Marc Holliday, CEO of SLG

So the dispositions are likely to optimise the portfolio towards properties that will attract tenants with deep pockets and strong desires to stay in the city.

About New York

To invest in SLG, you need to have an opinion on the state of New York City. This is a pretty polarising issue that Americans might have a better sense of than me, but I’ll propose some thoughts. The first is that they have a massive budget now because the financial sector has done so well this last period thanks to the M&A boom. New York also has a massive crime issue right now, which I won’t comment on beyond the fact that it will clearly affect the market values of properties in the city and the attractiveness of the city in general. The budget will address the crime issue and hopefully this will succeed, but investors will have to hope that the budget is put to good use for the sake of New York.
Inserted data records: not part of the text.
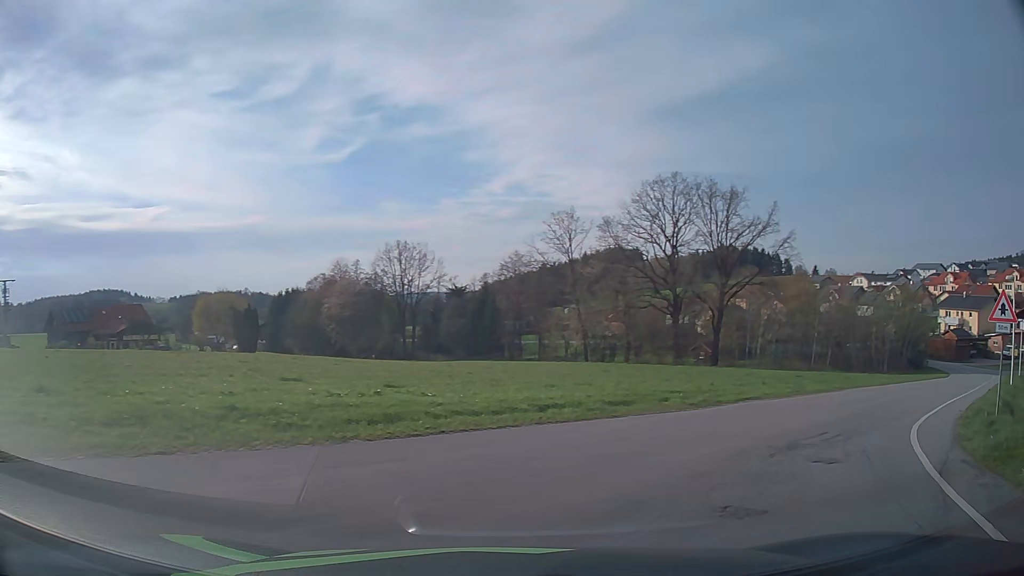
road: secondary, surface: asphalt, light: Day
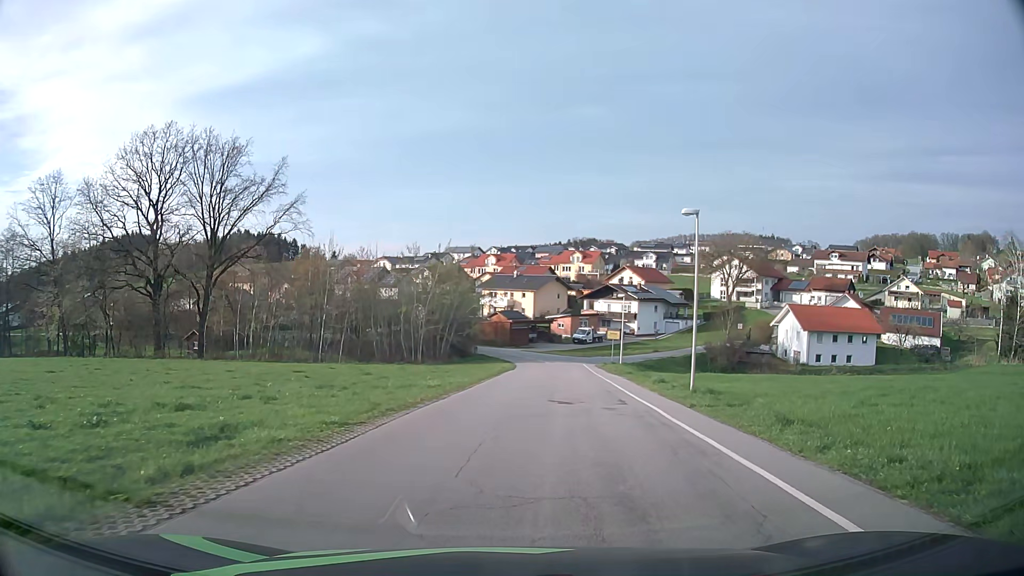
(+7.6, +15.2) m; +43°
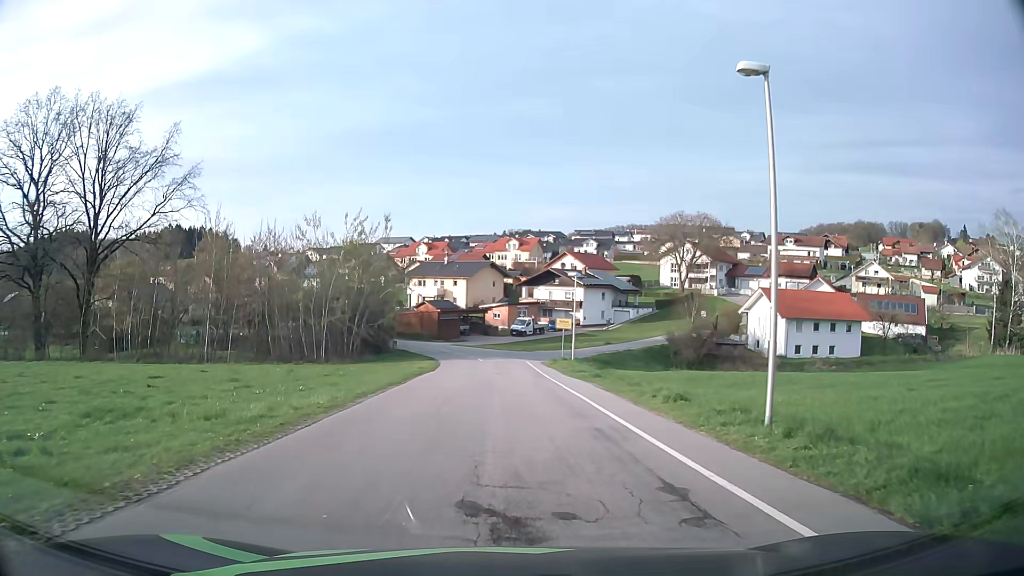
(+0.9, +12.0) m; +6°
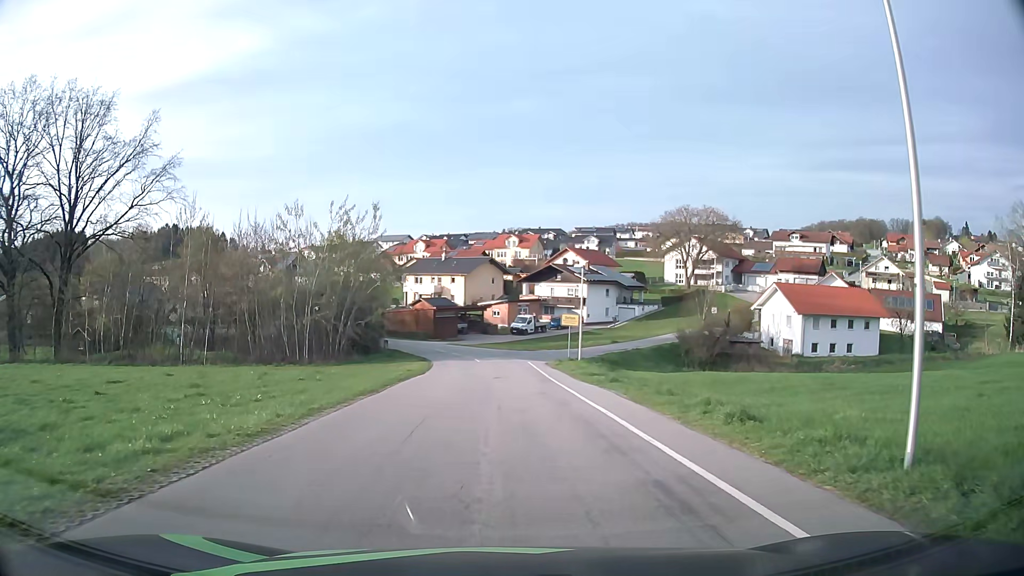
(0.0, +4.3) m; +1°
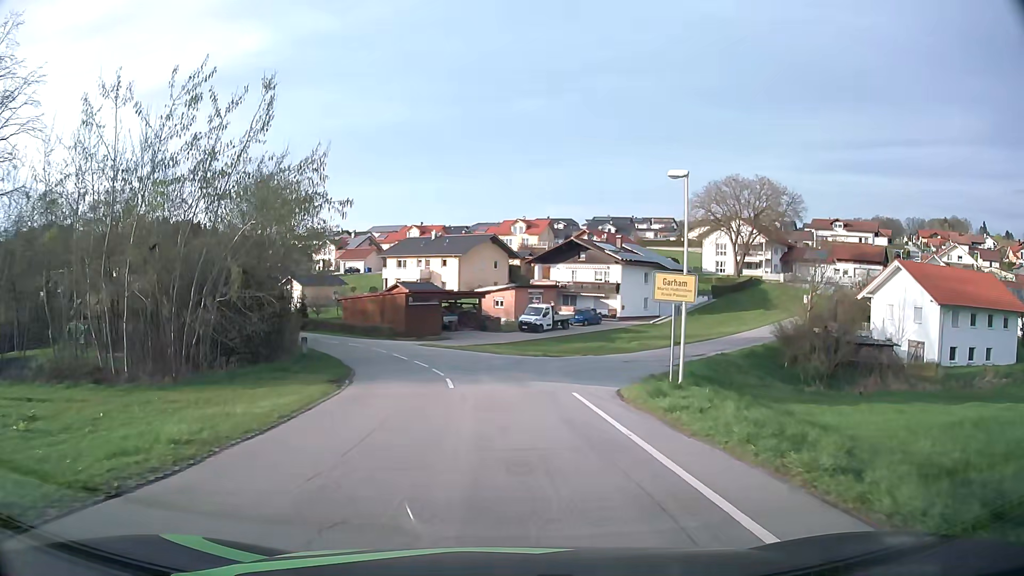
(-0.3, +23.8) m; -1°
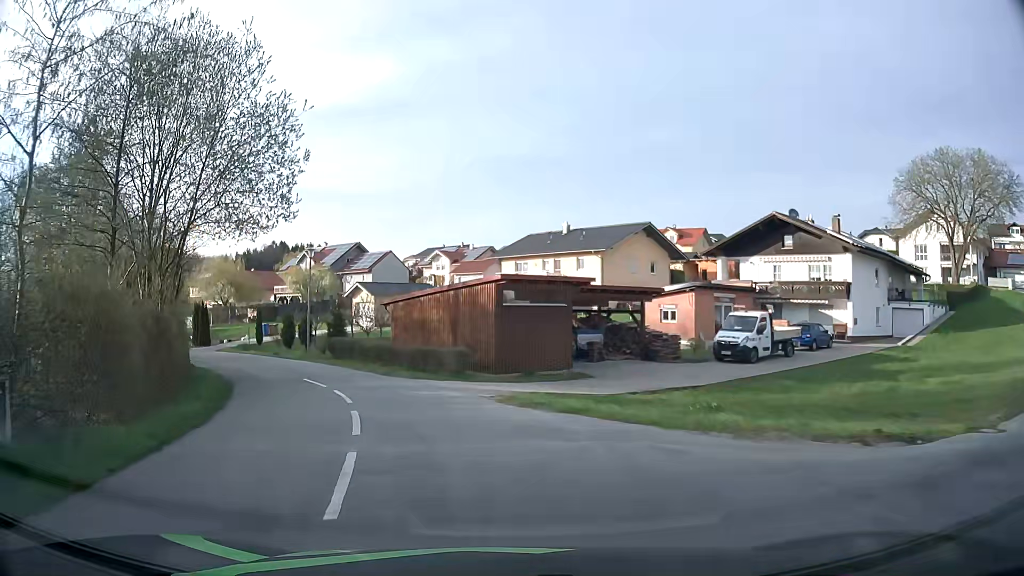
(-1.3, +25.6) m; -11°
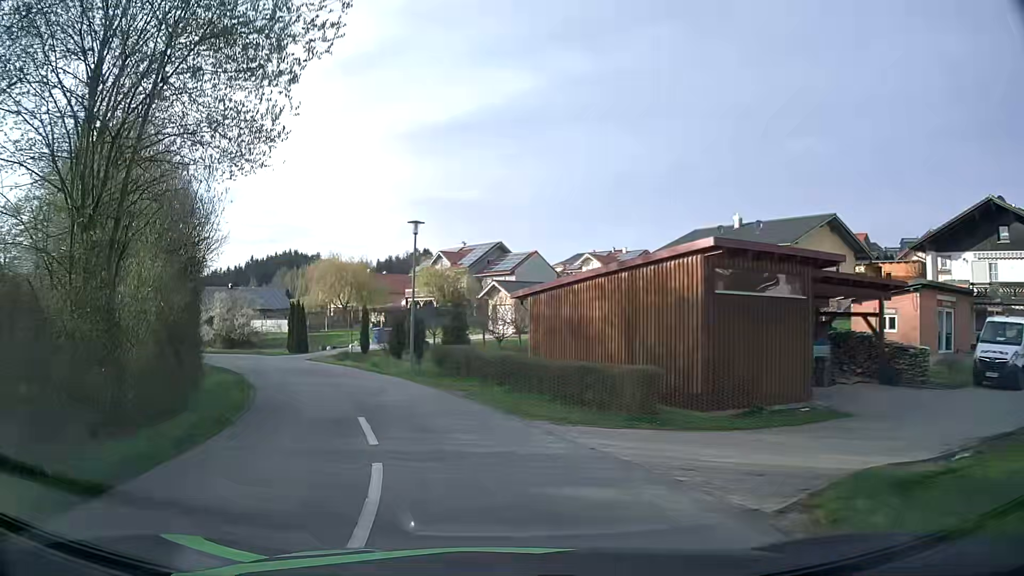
(-1.0, +10.0) m; -13°
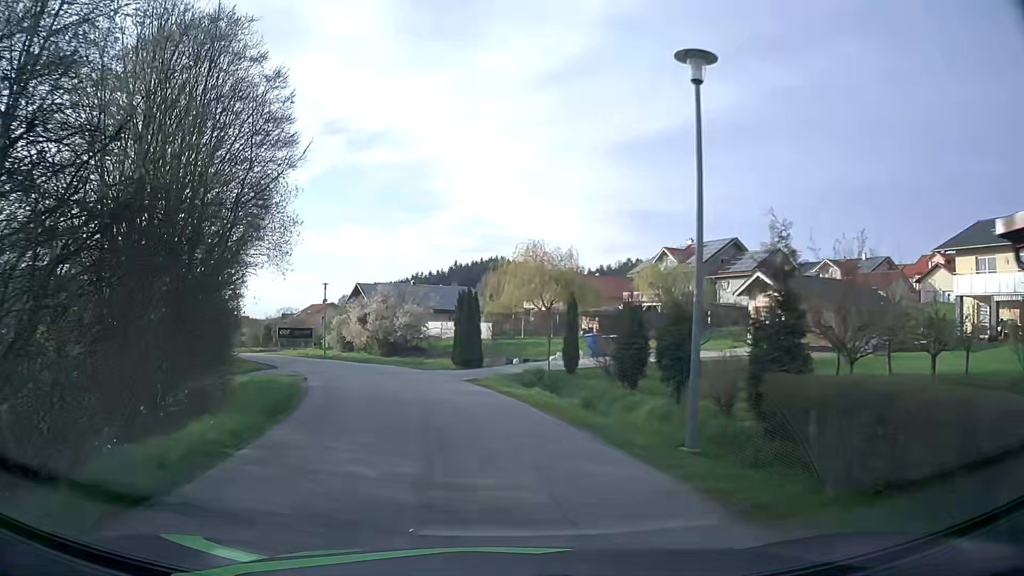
(-2.5, +15.1) m; -18°
(-1, +10) (-3, +20) (-6, +29) (-11, +38) (-16, +46) (-22, +55) (-28, +63) (-33, +71) (-38, +80) (-40, +90) m

Another question about New York that needs to be addressed is how resilient it has actually been. Because this is a polarising issue, there have been many opinions. Some say that New York is defying the doomsayers, and they cite stats about young people moving in enough so that there is a net increase in New York tenants. Of course, this ignores the question that maybe higher earners are on the cusp of leaving, or are already leaving the city. However, what is more certain is that M&A and financial services revenues are unsustainable, and similarly legal services which must have had a boom are probably going to see less mandates this year as we already start coming off the M&A boom, regardless of whether these high earners are leaving the city or not.
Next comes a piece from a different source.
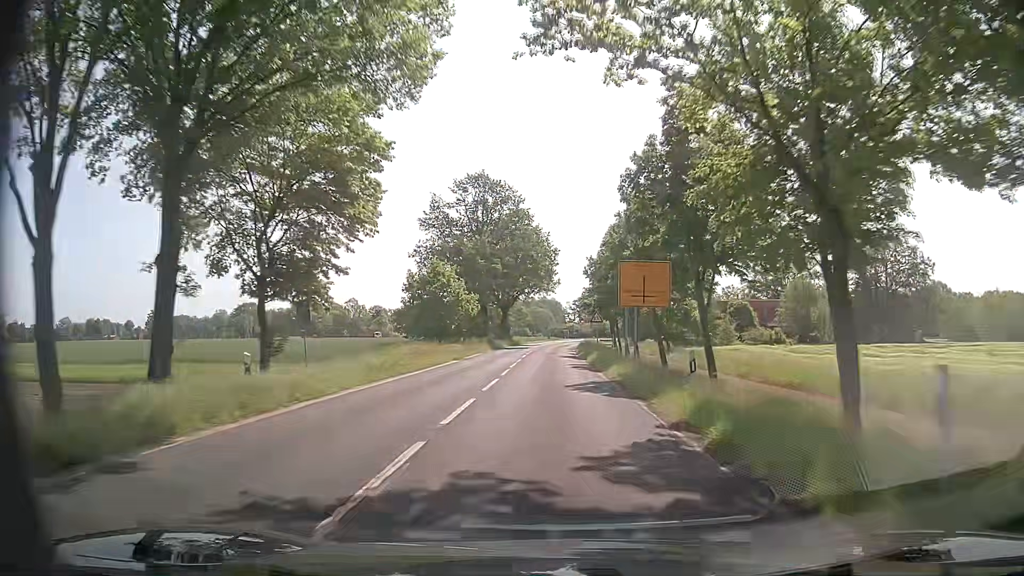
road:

Finally, there is the overarching force that is agnostic of New York specifically, that is the work from home trend. In our opinion, WFH is an irreversible inevitability. SLG is quite well protected from this though due to the quality of its portfolio and its movement to portfolio optimisation. But WFH will affect New York City in terms of taxes, budgets and property values, could also reduce city prosperity and contribute further to crime.

SLG Stock – Puts and Takes

The market is not unaware of all these questions. Analysts spent a lot of time on the call asking questions related to the New York budget and what was going on in New York governance. Also, people are aware that New York is dealing with a crime issue, and that it is having problems. Of course, everyone is thinking about WFH as well.

SLG Stock

SLG Price (Google Finance)

The stock is trading substantially below pre-COVID levels, still 25% discounted. While this may appear attractive, we believe the value is fair. Reversal in fortunes of tenants will also affect the city’s coffers. A bet on good governance of New York and the budget is also a bit of an uncertain one that we are not sure we’d want to make. Also, we worry about investment income due to stagflation. Finally, we actually believe that WFH is going to provide social surplus, and we are morally against it coming to a halt. Regardless, WFH is gaining traction and is difficult to reverse. Just ask Goldman Sachs (GS). For all these reasons, we think that SLG deserves a discount as of now, and with no strong reason to see things getting much better from this point on balance, we’d rather keep our money sidelined from SLG.